Do you remember this? I'm kicking off something new next week which is the combination of blogging and songwriting: writing music in response to news.

I wanted to extend the writing discipline back into music, whilst venturing into new personal territory - live radio. I've done stacks of audio production and also event production, but traditional form radio I've only for a short period way back when I was the early morning DJ in a pirate station in the west country.

That delightful station called itself NBS (No Bull Shit) and the FM transmitter traveled each weekend around various covert houses on the tops of Bristol hills. Every few weekends we'd take care of the station and the crew from Friday night to Monday morning. The rave DJs would leave around 5am and I'd be up at 8am, turn on the transmitter and fill in the gaping hole in their schedule with cheap vinyl I purchased from the second hand and charity shops on the Gloucester Road. I entertained people all the way to Bath.

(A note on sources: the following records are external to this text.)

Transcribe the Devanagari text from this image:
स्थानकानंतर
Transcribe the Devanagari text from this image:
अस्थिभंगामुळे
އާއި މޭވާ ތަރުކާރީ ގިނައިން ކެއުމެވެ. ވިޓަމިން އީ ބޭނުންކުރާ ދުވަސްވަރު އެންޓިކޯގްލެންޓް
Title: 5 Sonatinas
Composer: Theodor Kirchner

So I do have radio form - albeit achingly-hip form, not standard-industry-sweat-your-way-up-the-greasy-pole form - and of course, I have quite a bit of podcast form by now, so we'll certainly be putting out a podcast alongside the livestream. Nonetheless, being live for three hours every morning, and showing the warts-and-all process of making a song should be an interesting and scary enough challenge to break through the tupperware barrier of people's breakfast cereal containers.

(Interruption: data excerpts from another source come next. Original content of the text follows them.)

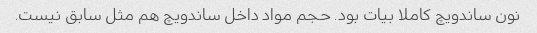
نون ساندویچ کاملا بیات بود. حجم مواد داخل ساندویچ هم مثل سابق نیست.
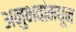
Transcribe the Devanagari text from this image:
अनुभवांमधून
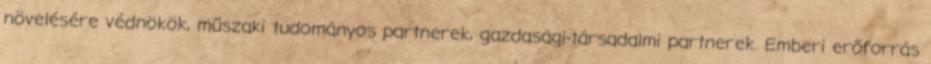
növelésére védnökök, műszaki tudományos partnerek, gazdasági-társadalmi partnerek. Emberi erőforrás
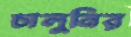
চালুনির
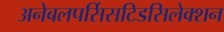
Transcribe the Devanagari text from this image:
अनेबलपर्सिसटिडसिलेक्शन
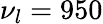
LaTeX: \nu_{l}=950
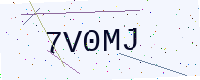
Text: 7V0MJ

This show comes with a few caveats, the main one being I'm not promising to write songs that you're going to like! Although I may do. We'll see. Expect glitches. I'm going out on a limb. But I am enlisting the help of other writers, and I'm intending to collaborate wherever possible. In fact, I'm going to need as much help as I can get.

But the best thing about the next month is going to be that we're raising money for BuskAid, a South Africa-based charity that teaches township kids to play music. I was inspired by the remarkable Rosemary Nalden - one of those TV documentaries which had me inexplicably in tears at the beauty of what was being achieved. So I hope you'll turn up and take part.

The breakfast show will be live from 7am to 10am GMT, Monday to Friday.